The project’s growing ecosystem, with a crucial stablecoin architecture and thriving developer community, adds to the bullish outlook.

As HYPE price hit its new ATH above $44.7, a whale with a long position of 4x leverage increased their profits. OnChain Lens noted the whale’s floating profit hovered at over $13.7 million at the time.

Hyperliquid price prediction: Is $100 next?

Open interest, huge trading volume and increased institutional interest are all factors that see HYPE’s price hover at its all-time highs.

Coinglass data shows derivatives volume for HYPE has jumped 29% to over $1.8 billion.
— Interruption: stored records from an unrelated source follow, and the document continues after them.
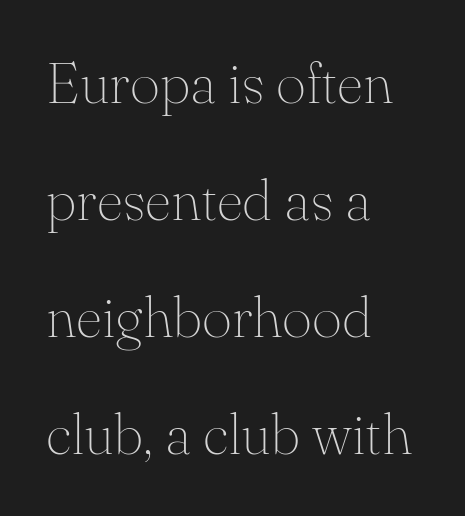
Q: Is the text bold? A: No.
Q: Is the text italic (slanted)? A: No, it is upright.
Q: Is the typeface a serif or a sans-serif typeface? A: Serif.
Q: Is the text underlined? A: No.
Q: How is the paragraph aligned? A: Left-aligned.
Q: Is the spacing between letters normal or unusually wide? A: Normal.
Q: Is the spacing between lines tight, normal or loose? A: Loose.
Q: Width (condensed, normal, or wide)? A: Normal.
Q: Stroke contrast? A: Medium.
Q: x-height? A: Small.
Q: Monospaced? A: No.
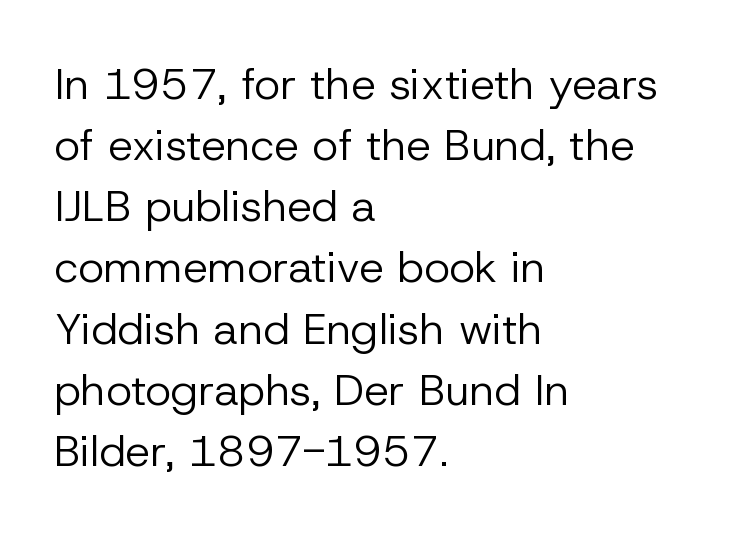
Q: Is the text bold? A: No.
Q: Is the text italic (slanted)? A: No, it is upright.
Q: Is the typeface a serif or a sans-serif typeface? A: Sans-serif.
Q: Is the text underlined? A: No.
Q: How is the paragraph aligned? A: Left-aligned.
Q: Is the spacing between letters normal or unusually wide? A: Normal.
Q: Is the spacing between lines tight, normal or loose? A: Normal.
Q: Width (condensed, normal, or wide)? A: Normal.
Q: Stroke contrast? A: Low.
Q: x-height? A: Medium.
Q: Monospaced? A: No.
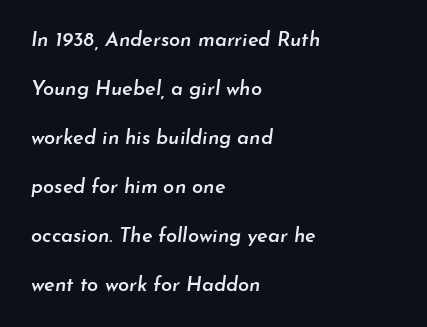
Q: Is the text bold? A: Semi-bold.
Q: Is the text italic (slanted)? A: Yes, it leans right by about 7 degrees.
Q: Is the text underlined? A: No.
Q: How is the paragraph aligned? A: Left-aligned.
Q: Is the spacing between letters normal or unusually wide? A: Normal.
Q: Is the spacing between lines tight, normal or loose? A: Loose.
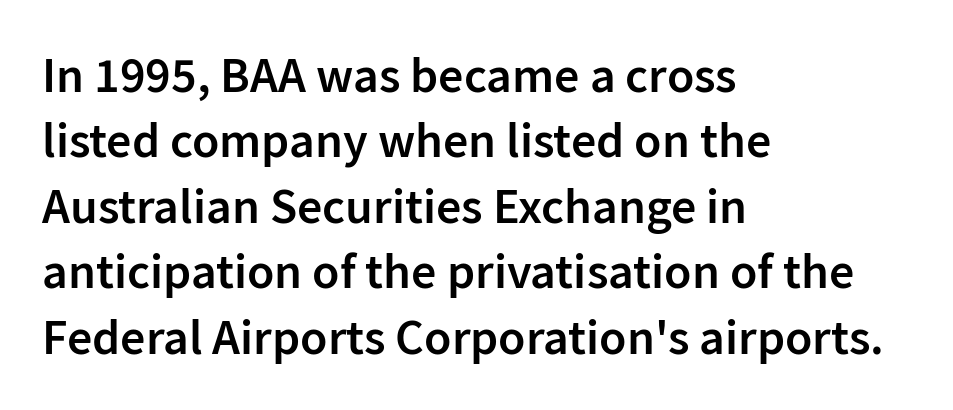
Q: Is the text bold? A: Semi-bold.
Q: Is the text italic (slanted)? A: No, it is upright.
Q: Is the typeface a serif or a sans-serif typeface? A: Sans-serif.
Q: Is the text underlined? A: No.
Q: How is the paragraph aligned? A: Left-aligned.
Q: Is the spacing between letters normal or unusually wide? A: Normal.
Q: Is the spacing between lines tight, normal or loose? A: Normal.
Q: Width (condensed, normal, or wide)? A: Normal.
Q: Stroke contrast? A: Low.
Q: x-height? A: Medium.
Q: Monospaced? A: No.
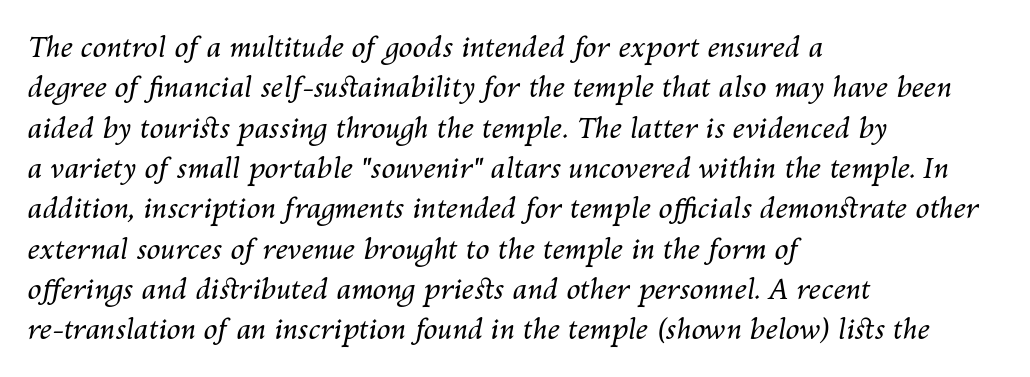
Leading matches the norm, producing a regular column. Each letter keeps its own natural width here, so spacing adapts to shape. Which margin do the lines hug? The left one — the right edge is uneven. Unmarked baselines from the first word to the last. A typesetter would call this zero additional tracking. The axis of the letterforms is tilted away from vertical.
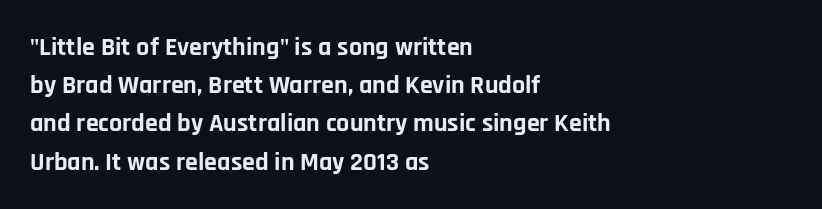
The image shows 26 px bold type, upright; set left-aligned, normal line spacing (1.47x), normal letter spacing, not underlined.
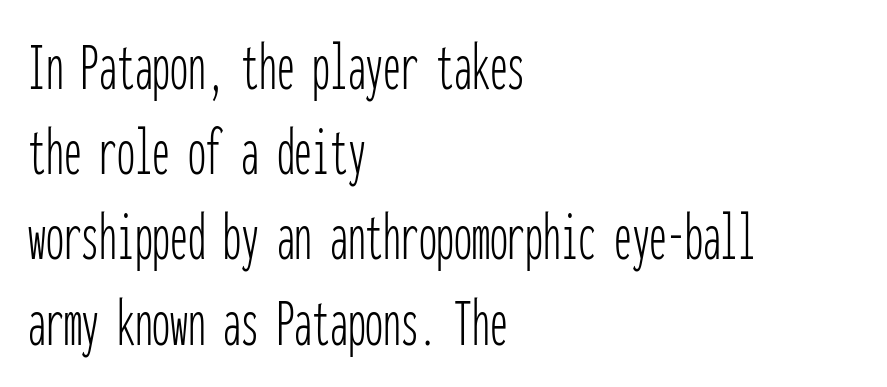
Q: Is the text bold? A: No.
Q: Is the text italic (slanted)? A: No, it is upright.
Q: Is the typeface a serif or a sans-serif typeface? A: Sans-serif.
Q: Is the text underlined? A: No.
Q: How is the paragraph aligned? A: Left-aligned.
Q: Is the spacing between letters normal or unusually wide? A: Normal.
Q: Width (condensed, normal, or wide)? A: Condensed.
Q: Stroke contrast? A: Low.
Q: x-height? A: Medium.
Q: Monospaced? A: Yes.
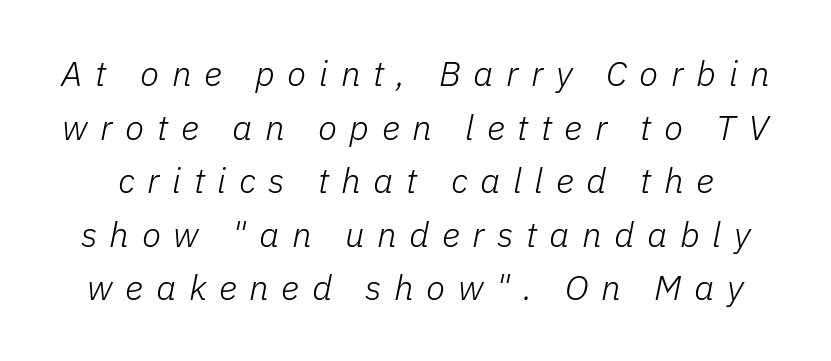
The passage shown is not underscored anywhere. Think standard paragraph weight, or any step lighter than that. When letters slant like this, we call the style italic. The vertical gap from one line to the next is medium. Loose tracking; the words dissolve into strings of separated letters. Do the characters align in a grid? No, the font is proportional.
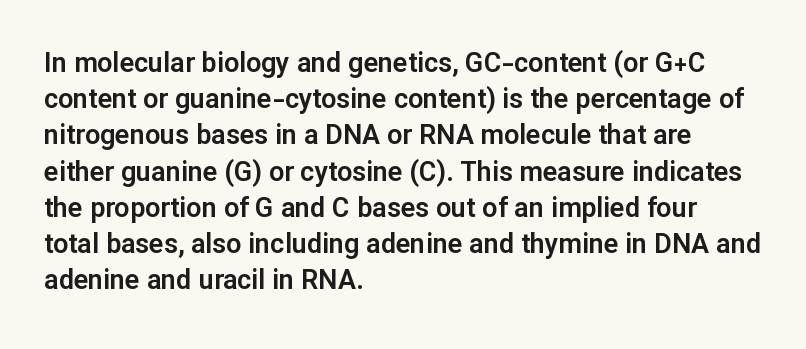
The image shows 27 px text type, upright; set left-aligned, normal line spacing (1.34x), normal letter spacing, not underlined.
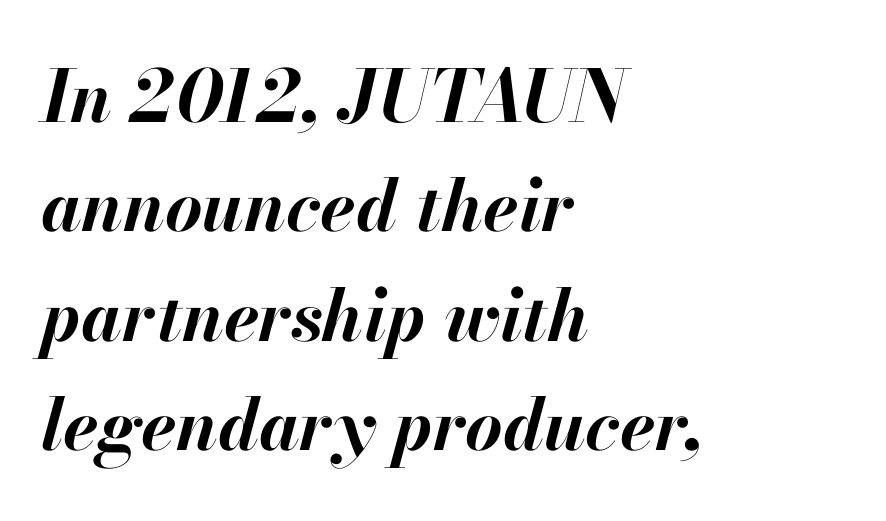
{"italic": "yes", "lean": "right", "slant_degrees": 13, "bold": "yes", "weight": "bold", "width": "normal", "stroke_contrast": "high", "x_height": "small", "monospaced": "no", "underline": "no", "align": "left", "line_spacing": "normal", "line_spacing_ratio": 1.52, "letter_spacing": "normal", "letter_spacing_em": 0.0, "glyph_px": 72}
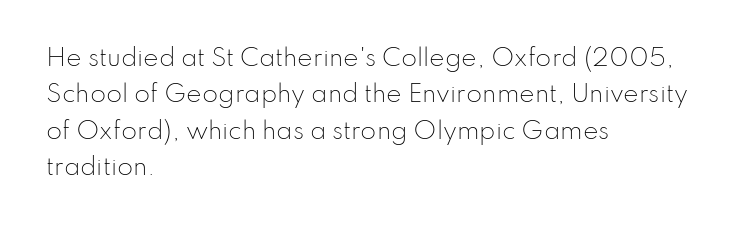
{"italic": "no", "bold": "no", "underline": "no", "align": "left", "line_spacing": "normal", "line_spacing_ratio": 1.58, "letter_spacing": "normal", "letter_spacing_em": 0.0, "glyph_px": 23}
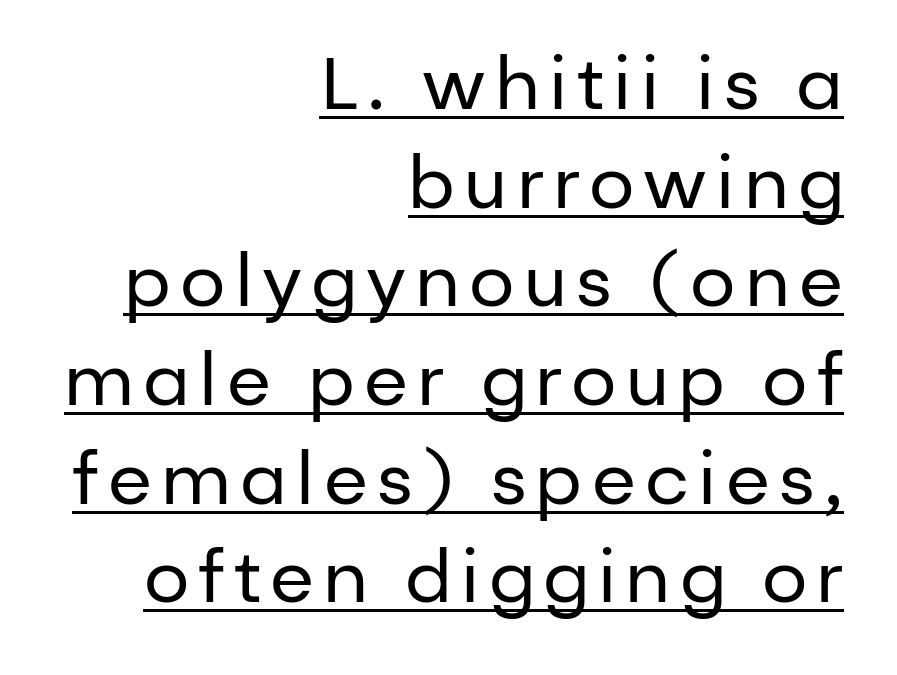
A roman cut, with each character standing at attention. Emphasis is given by a line drawn under the lettering. No feet cap the strokes, marking this as sans-serif type. Summary of weight: not heavy and not bold. The letters advance in unequal steps, a hallmark of proportional type.
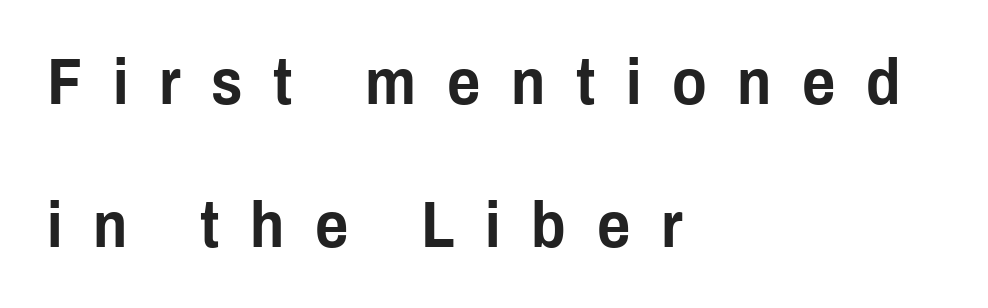
The image shows 64 px condensed sans-serif type, upright; set left-aligned, loose line spacing (2.23x), unusually wide letter spacing (+0.48 em), not underlined; low stroke contrast and a medium x-height.
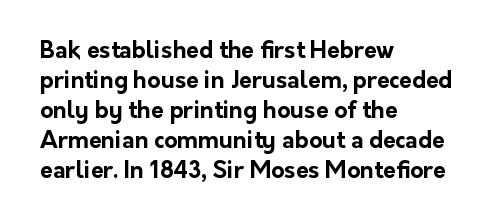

Meanwhile, OI is above $2 billion with a more than 15% spike. This optimism about Hyperliquid’s price potential also aligns with signals from key technical indicators.

On the daily chart, the 14-day Relative Strength Index (RSI) stands at 69. This means a market that’s not overbought yet. In this scenario, buyers have room for fresh gains.

Also backing this outlook is the Moving Average Convergence Divergence (MACD), which offers a bullish momentum as MACD line trends above the signal line.

HYPE price on daily chart by TradingView

In a bullish case, the short-term picture is for a decisive spike above $50 and potential run to the psychological $100 mark.

Notably, HYPE could rally much higher in 2025 amid further adoption of its decentralized applications and attractive financial incentives.

On the flipside, profit taking could force bulls to defend the $40 and $32 price levels.